Bayesian Disease Progression Modeling That Accounts For Health Disparities

Erica Chiang, Ashley Beecy, Gabriel Sayer, Nir Uriel, Deborah Estrin, Nikhil Garg, Emma Pierson
Abstract: Disease progression models, in which a patient's latent severity is modeled as progressing over time and producing observed symptoms, have developed great potential to help with disease detection, prediction, and drug development. However, a significant limitation of existing models is that they do not typically account for healthcare disparities that can bias the observed data. We draw attention to three key disparities: certain patient populations may (1) start receiving care only when their disease is more severe, (2) experience faster disease progression even while receiving care, or (3) receive care less frequently conditional on disease severity. To address this, we develop an interpretable Bayesian disease progression model that captures these three disparities. We show theoretically and empirically that our model correctly estimates disparities and severity from observed data, and that failing to account for these disparities produces biased estimates of severity.

IDGG: Invariant Learning for Out-of-Distribution Generalization on Graphs

Qin Tian, Wenjun Wang, Minglai Shao, Chen Zhao, Dong Li
Abstract: Traditional machine learning methods rely heavily on the independent and identically distributed (i.i.d) assumption, which poses limitations when test distributions differ from training distributions. To address this, out-of-distribution (OOD) generalization has made significant progress, aiming to maintain performance despite unknown distribution shifts. However, OOD methods for graph-structured data are underexplored due to challenges such as simultaneous distribution shifts in node attributes and graph topology, and the difficulty in capturing invariant information across different distribution shifts. To tackle these challenges, we introduce IDGG, a framework designed to (1) diversify variations across domains by modeling potential variations in the distribution of attribute distribution and topological structure, and (2) minimize variation discrepancy in a representation space for predicting semantic factors that do not vary with distribution shifts. We validate the effectiveness of IDGG on a real-world graph dataset and results show that our model outperforms baseline methods in node-level OOD generalization.
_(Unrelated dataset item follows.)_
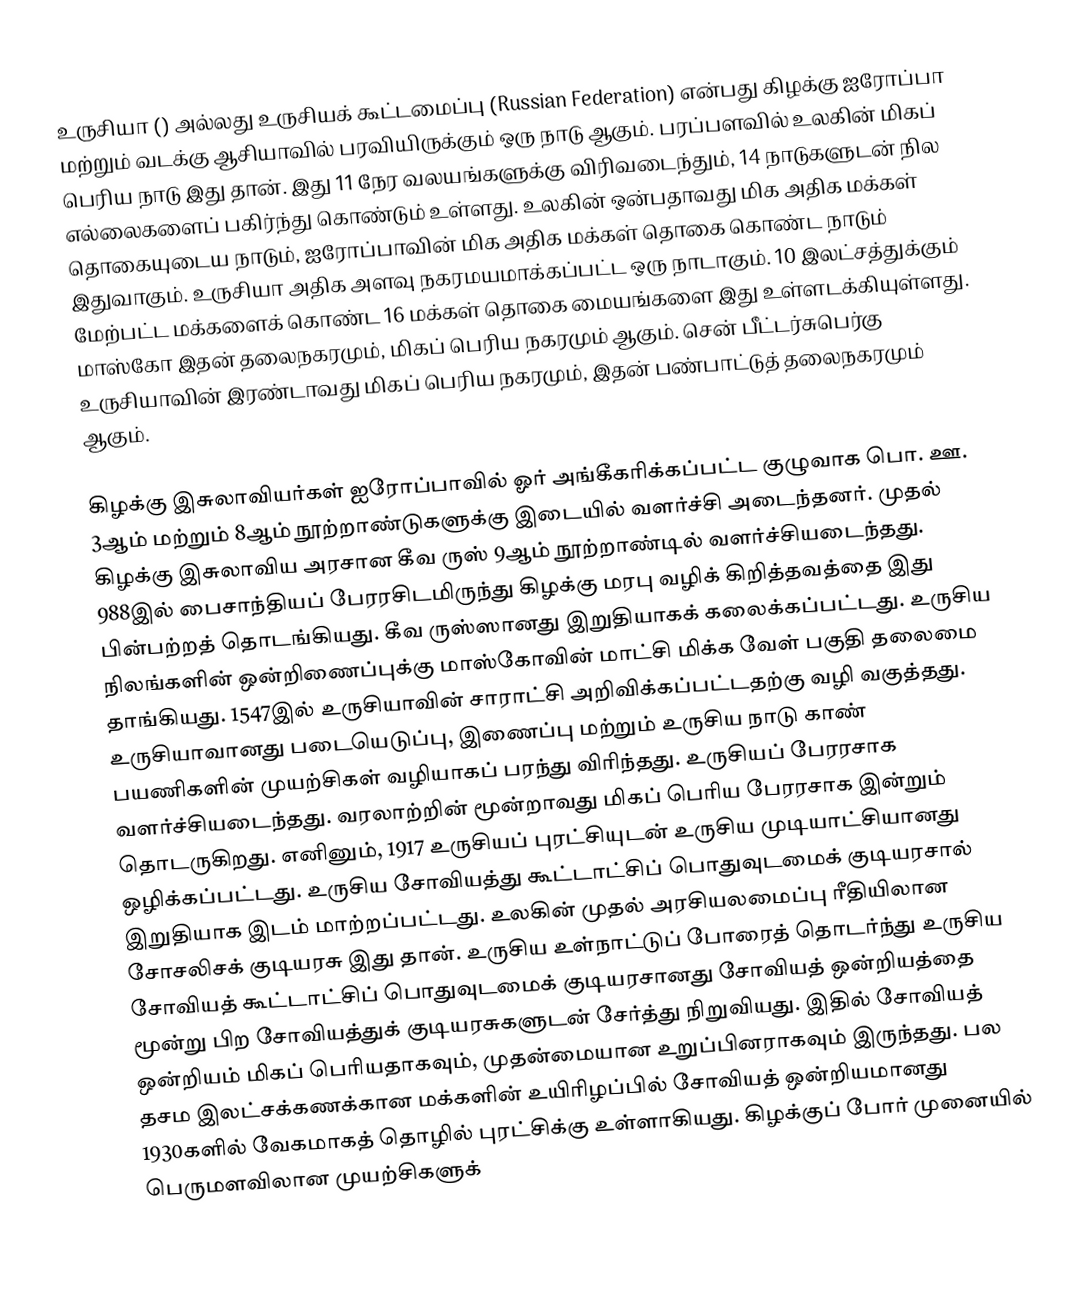
உருசியா () அல்லது உருசியக் கூட்டமைப்பு (Russian Federation) என்பது கிழக்கு ஐரோப்பா மற்றும் வடக்கு ஆசியாவில் பரவியிருக்கும் ஒரு நாடு ஆகும். பரப்பளவில் உலகின் மிகப் பெரிய நாடு இது தான். இது 11 நேர வலயங்களுக்கு விரிவடைந்தும், 14 நாடுகளுடன் நில எல்லைகளைப் பகிர்ந்து கொண்டும் உள்ளது. உலகின் ஒன்பதாவது மிக அதிக மக்கள் தொகையுடைய நாடும், ஐரோப்பாவின் மிக அதிக மக்கள் தொகை கொண்ட நாடும் இதுவாகும். உருசியா அதிக அளவு நகரமயமாக்கப்பட்ட ஒரு நாடாகும். 10 இலட்சத்துக்கும் மேற்பட்ட மக்களைக் கொண்ட 16 மக்கள் தொகை மையங்களை இது உள்ளடக்கியுள்ளது. மாஸ்கோ இதன் தலைநகரமும், மிகப் பெரிய நகரமும் ஆகும். சென் பீட்டர்சுபெர்கு உருசியாவின் இரண்டாவது மிகப் பெரிய நகரமும், இதன் பண்பாட்டுத் தலைநகரமும் ஆகும்.

கிழக்கு இசுலாவியர்கள் ஐரோப்பாவில் ஓர் அங்கீகரிக்கப்பட்ட குழுவாக பொ. ஊ. 3ஆம் மற்றும் 8ஆம் நூற்றாண்டுகளுக்கு இடையில் வளர்ச்சி அடைந்தனர். முதல் கிழக்கு இசுலாவிய அரசான கீவ ருஸ் 9ஆம் நூற்றாண்டில் வளர்ச்சியடைந்தது. 988இல் பைசாந்தியப் பேரரசிடமிருந்து கிழக்கு மரபு வழிக் கிறித்தவத்தை இது பின்பற்றத் தொடங்கியது. கீவ ருஸ்ஸானது இறுதியாகக் கலைக்கப்பட்டது. உருசிய நிலங்களின் ஒன்றிணைப்புக்கு மாஸ்கோவின் மாட்சி மிக்க வேள் பகுதி தலைமை தாங்கியது. 1547இல் உருசியாவின் சாராட்சி அறிவிக்கப்பட்டதற்கு வழி வகுத்தது. உருசியாவானது படையெடுப்பு, இணைப்பு மற்றும் உருசிய நாடு காண் பயணிகளின் முயற்சிகள் வழியாகப் பரந்து விரிந்தது. உருசியப் பேரரசாக வளர்ச்சியடைந்தது. வரலாற்றின் மூன்றாவது மிகப் பெரிய பேரரசாக இன்றும் தொடருகிறது. எனினும், 1917 உருசியப் புரட்சியுடன் உருசிய முடியாட்சியானது ஒழிக்கப்பட்டது. உருசிய சோவியத்து கூட்டாட்சிப் பொதுவுடமைக் குடியரசால் இறுதியாக இடம் மாற்றப்பட்டது. உலகின் முதல் அரசியலமைப்பு ரீதியிலான சோசலிசக் குடியரசு இது தான். உருசிய உள்நாட்டுப் போரைத் தொடர்ந்து உருசிய சோவியத் கூட்டாட்சிப் பொதுவுடமைக் குடியரசானது சோவியத் ஒன்றியத்தை மூன்று பிற சோவியத்துக் குடியரசுகளுடன் சேர்த்து நிறுவியது. இதில் சோவியத் ஒன்றியம் மிகப் பெரியதாகவும், முதன்மையான உறுப்பினராகவும் இருந்தது. பல தசம இலட்சக்கணக்கான மக்களின் உயிரிழப்பில் சோவியத் ஒன்றியமானது 1930களில் வேகமாகத் தொழில் புரட்சிக்கு உள்ளாகியது. கிழக்குப் போர் முனையில் பெருமளவிலான முயற்சிகளுக்

Semantic OOD Detection under Covariate Shift on Graphs with Diffusion Model

Zhixia He, Chen Zhao, Minglai Shao, Yujie Lin, Dong Li
Abstract: Most existing deep learning methods are based on the closed-world assumption, which assumes that testing data are sampled from the same distribution as the training data. However, when models are deployed in open-world scenarios, testing data can exhibit various distribution shifts. Here, we mainly consider two types of distribution shifts: covariate shift and semantic shift. We raise a new question for OOD detection: semantic OOD detection under covariate shift. Unlike existing graph OOD algorithms only considering one type of distribution shifts, our work addresses both semantic shift and covariate shift simultaneously to fully utilize label and environment information. We propose the Graph Diffusion Augmentation (GDA) framework, which leverages diffusion model to simulate these two types of distribution shifts by semantic augmentation and covariate augmentation. We design perturbation control element and label control element to guide the denoising diffusion process at different intermediate timesteps which generate pseudo ID and pseudo OOD data. The GDA model generates diverse pseudo graphs with consistent predictive relationships, helping the predictor learn invariant relationship related to the label information while ignoring spurious relationship with the environment.